Mr. Kenneth Clarke (Rushcliffe) (Con): I beg to move,

I regret that I am not the spokesman for my party on the subject of Titian or any other great Venetian painter. I am, however, addressing a serious issue, and presenting what I hope the whole House will consider to be a helpful motion. I am aware that over the years I have acquired a slightly clichéd reputation as a rather combative politician, and I sometimes weary of being described as a bruiser, so I decided to table a constructive and helpful motion as the first Opposition motion on the subject of a DBERR responsibility.

Lord Mandelson—Peter Mandelson—has rightly described himself as an old political friend of mine. I thought I would table a motion that agreed with an important statement that he had made in December last year, supported his announcement about the future of Royal Mail and urged him to proceed with that policy. My hon.
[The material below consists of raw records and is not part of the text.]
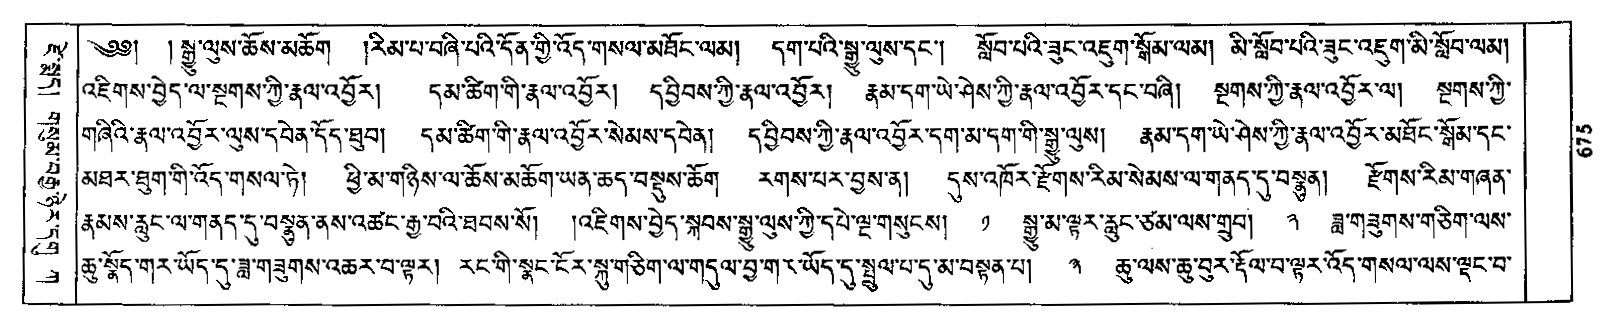༄༅། །སྒྱུ་ལུས་ཆོས་མཆོག །རིམ་པ་བཞི་པའི་དོན་གྱི་འོད་གསལ་མཐོང་ལམ། དག་པའི་སྒྱུ་ལུས་དང་། སློབ་པའི་ཟུང་འཇུག་སྒོམ་ལམ། མི་སློབ་པའི་ཟུང་འཇུག་མི་སློབ་ལམ།
འཇིགས་བྱེད་ལ་སྔགས་ཀྱི་རྣལ་འབྱོར། དམ་ཚིག་གི་རྣལ་འབྱོར། དབྱིབས་ཀྱི་རྣལ་འབྱོར། རྣམ་དག་ཡེ་ཤེས་ཀྱི་རྣལ་འབྱོར་དང་བཞི། སྔགས་ཀྱི་རྣལ་འབྱོར་ལ། སྔགས་ཀྱི་
གཞིའི་རྣལ་འབྱོར་ལུས་དབེན་དོད་ཐུབ། དམ་ཚིག་གི་རྣལ་འབྱོར་སེམས་དབེན། དབྱིབས་ཀྱི་རྣལ་འབྱོར་དག་མ་དག་གི་སྒྱུ་ལུས། རྣམ་དག་ཡེ་ཤེས་ཀྱི་རྣལ་འབྱོར་མཐོང་སྒོམ་དང་
མཐར་ཐུག་གི་འོད་གསལ་ཏེ། ཕྱི་མ་གཉིས་ལ་ཆོས་མཆོག་ཡན་ཆད་བསྡུས་ཆོག་རགས་པར་བྱས་ན། དུས་འཁོར་རྫོགས་རིམ་སེམས་ལ་གནད་དུ་བསྣུན། རྫོགས་རིམ་གཞན་
རྣམས་རླུང་ལ་གནད་དུ་བསྣུན་ནས་འཚང་རྒྱ་བའི་ཐབས་སོ། །འཇིགས་བྱེད་སྐབས་སྒྱུ་ལུས་ཀྱི་དཔེ་ལྔ་གསུངས། ༡་སྒྱུ་མ་ལྟར་རླུང་ཙམ་ལས་གྲུབ། ༢་ཟླ་གཟུགས་གཅིག་ལས་
ཆུ་སྣོད་གར་ཡོད་དུ་ཟླ་གཟུགས་འཆར་བ་ལྟར། རང་གི་སྣང་ངོར་སྐུ་གཅིག་ལ་གདུལ་བྱ་གར་ཡོད་དུ་སྤྲུལ་པ་དུ་མ་བསྟན་པ། ༣་ཆུ་ལས་ཆུ་བུར་རྡོལ་བ་ལྟར་འོད་གསལ་ལས་ལྡང་བ་
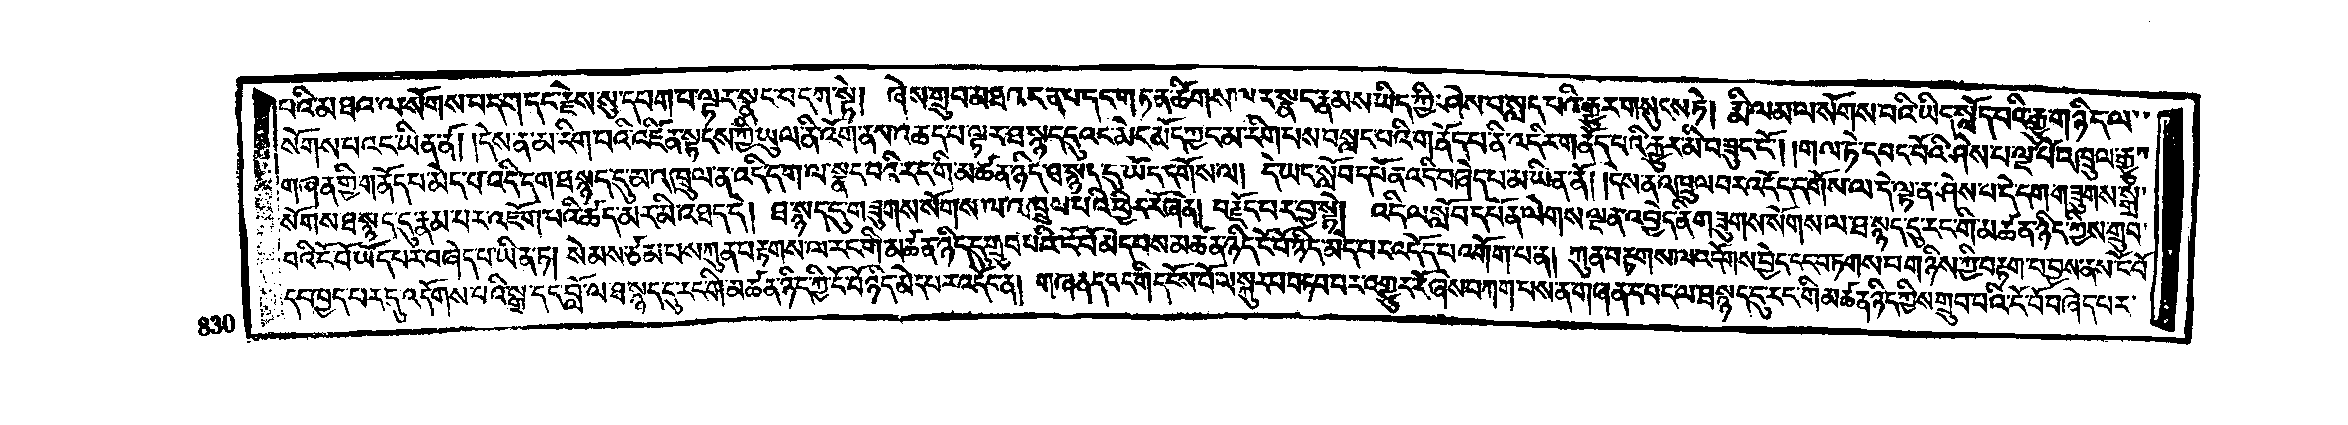པའི་མཐའ་ལ་སོགས་པ་དག་དང་རྗེས་སུ་དཔག་པ་ལྟར་སྣང་བ་དག་སྟེ། ཞེས་གྲུབ་མཐའ་ངན་པ་དང་གཏན་ཚིགས་ལྟར་སྣང་རྣམས་ཡིད་ཀྱི་ཤེས་པ་སློད་པའི་རྒྱུར་གསུངས་ཏེ། རྨི་ལམ་ལ་སོགས་པའི་ཡིད་སློད་པའི་རྒྱུ་གཉིད་ལ་
སོགས་པའང་ཡིན་ནོ། །དེས་ན་མ་རིག་པའི་འཛིན་སྟངས་ཀྱི་ཡུལ་ནི་འོག་ནས་འཆད་པ་ལྟར་ཐ་སྙད་དུའང་མེད་མོད་ཀྱང་མ་རིག་པས་བསླད་པའི་གནོད་པ་ནི་འདིར་གནོད་པའི་རྒྱུར་མི་བཟུང་ངོ། །གལ་ཏེ་དབང་པོའི་ཤེས་པ་ལྔ་པོ་འཁྲུལ་རྒྱུ་
གཞན་གྱི་གནོད་པ་མེད་པ་འདི་དག་ཐ་སྙད་དུ་མ་འཁྲུལ་ན་འདི་དག་ལ་སྣང་བའི་རང་གི་མཚན་ཉིད་ཐ་སྙད་དུ་ཡོད་དགོས་ལ། དེ་ཡང་སློབ་དཔོན་འདི་བཞེད་པ་མ་ཡིན་ནོ། །དེས་ན་འཁྲུལ་བར་འདོད་དགོས་ལ་དེ་ལྟ་ན་ཤེས་པ་དེ་དག་གཟུགས་སྒྲ་
སོགས་ཐ་སྙད་དུ་རྣམ་པར་འཇོག་པའི་ཚད་མར་མི་འཐད་དེ། ཐ་སྙད་དུ་གཟུགས་སོགས་ལ་འཁྲུལ་བའི་ཕྱིར་རོ་ཞེ་ན། བརྗོད་པར་བྱ་སྟེ། འདི་ལ་སློབ་དཔོན་ལེགས་ལྡན་འབྱེད་ནི་གཟུགས་སོགས་ལ་ཐ་སྙད་དུ་རང་གི་མཚན་ཉིད་ཀྱིས་གྲུབ་
པའི་ངོ་བོ་ཡོད་པར་བཞེད་པ་ཡིན་ཏེ། སེམས་ཙམ་པས་ཀུན་བརྟགས་ལ་རང་གི་མཚན་ཉིད་དུ་གྲུབ་པའི་ངོ་བོ་མེད་པས་མཚན་ཉིད་ངོ་བོ་ཉིད་མེད་པར་འདོད་པ་འགོག་པ་ན། ཀུན་བརྟགས་ལ་འདོགས་བྱེད་དང་བཏགས་པ་གཉིས་ཀྱི་བརྟག་པ་བྱས་ནས་ངོ་བོ་
དང་ཁྱད་པར་དུ་འདོགས་པའི་སྒྲ་དང་བློ་ལ་ཐ་སྙད་དུ་རང་གི་མཚན་ཉིད་ཀྱི་ངོ་བོ་ཉིད་མེད་པར་འདོད་ན། གཞན་དབང་གི་དངོས་པོ་ལ་སྐུར་བ་བཏབ་པར་འགྱུར་རོ་ཞེས་བཀག་པས་ན་གཞན་དབང་ལ་ཐ་སྙད་དུ་རང་གི་མཚན་ཉིད་ཀྱིས་གྲུབ་པའི་ངོ་བོ་བཞེད་པར་

Friends and I will have to ask some very important questions—in two months the Government have failed to clarify aspects of the policy, so there will be serious issues for me to raise—but I had assumed that the motion, as drafted, would stand alone on the Order Paper.

Rob Marris (Wolverhampton, South-West) (Lab): Will the right hon. and learned Gentleman give way?

Mr. Clarke: I will in just a second. First, let me explain the slight puzzlement that I am currently experiencing.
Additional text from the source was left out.